The Western Energy Alliance, a proponent of oil and gas production in the West, had intervened as a defendant in the case, arguing on behalf of the BLM’s decision to approve the oil and gas leases. On Wednesday morning, Alliance President Kathleen Sgamma told Ars that appeals were certainly coming.

“Obviously, we’re disappointed that the judge threw out decades of legal precedent in this ruling,” Sgamma wrote.

“BLM under the Obama Administration did the correct level of GHG analysis at the leasing stage…” she continued. “The judge is asking BLM to take a wild guess at how many wells would be developed on these leases and analyze GHG impacts for wells that will never be developed. This ruling, with its overreaching halt to drilling permits and repudiation of decades of precedent, is ripe for successful appeal.
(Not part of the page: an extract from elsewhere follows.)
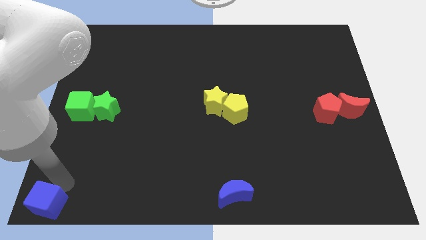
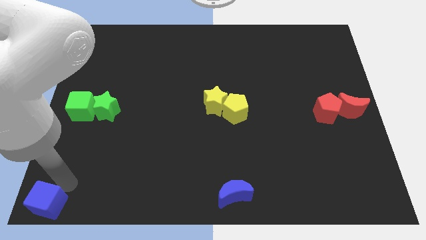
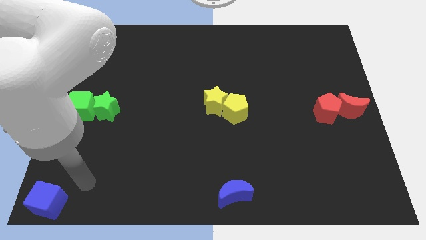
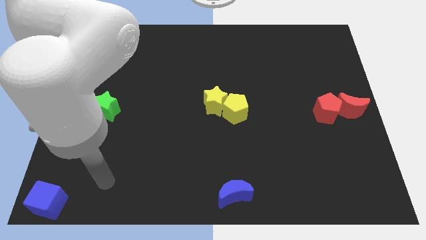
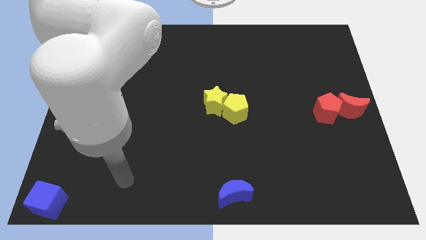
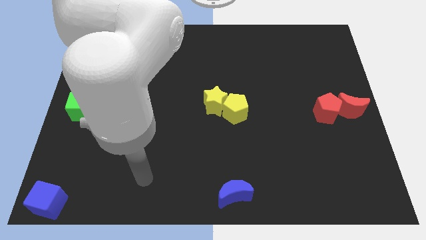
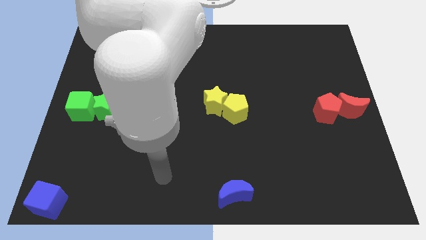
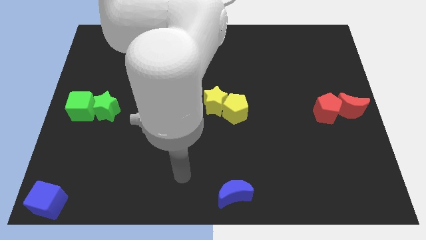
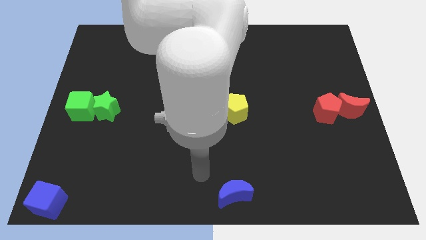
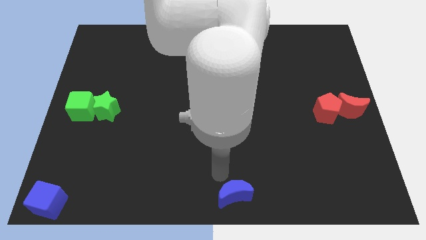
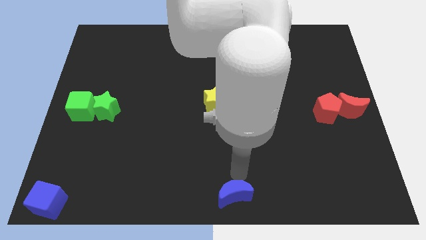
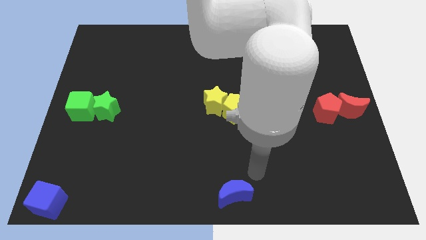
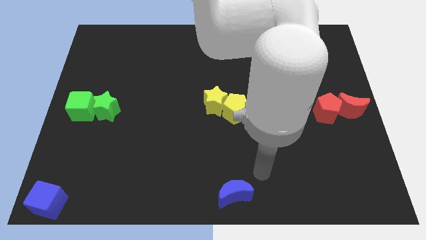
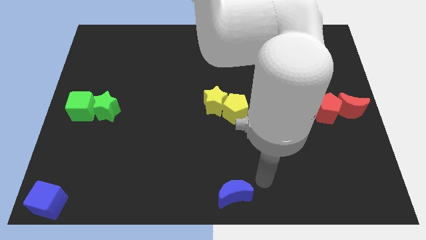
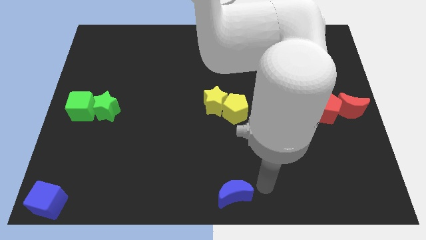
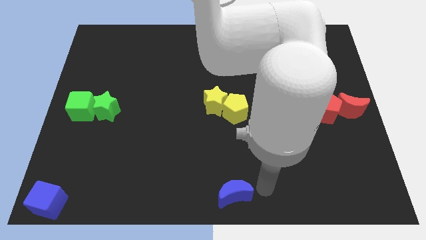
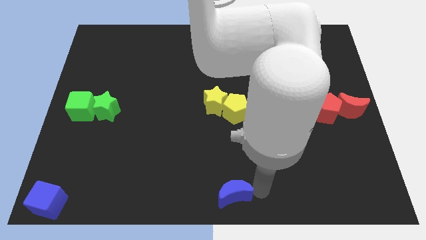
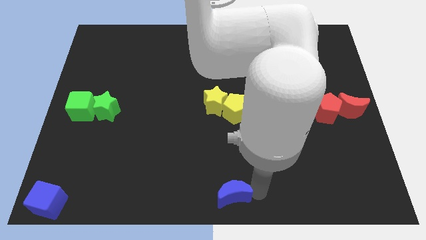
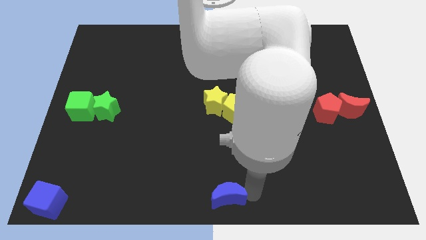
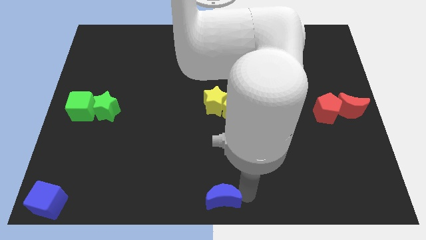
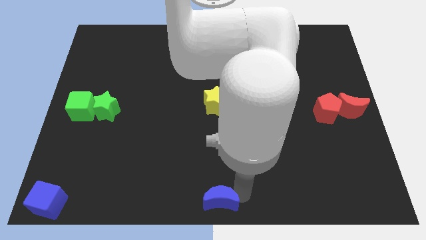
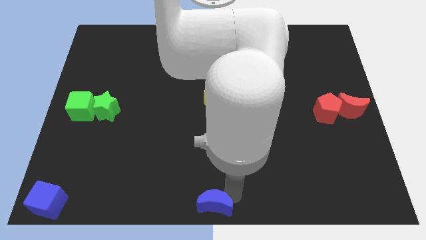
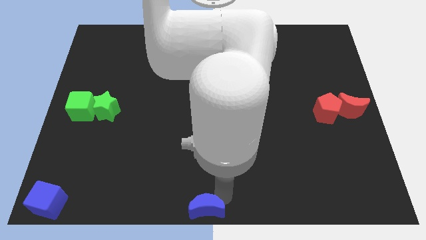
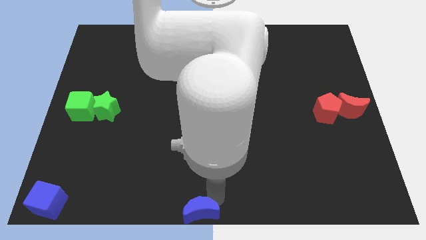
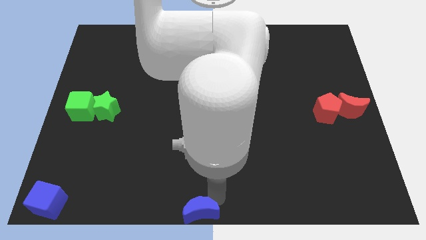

Western Energy Alliance has been an active intervenor defending leasing in the case, and we will continue to do so as this ruling is appealed.”

But as expected, WildEarth Guardians and Physicians for Social Responsibility declared the opinion a victory. “While the ruling applies to Wyoming, it has implications for public lands across the American West and is a major rebuke to the Trump administration’s anti-environment, anti-climate agenda,” the statement said.

“It’s high time the federal government was held accountable for the costs of sacrificing our public lands for dirty oil and gas,” Samantha Ruscavage-Barz, managing attorney for WildEarth Guardians, said. “This win demonstrates the Trump administration can’t legally turn its back on climate change.”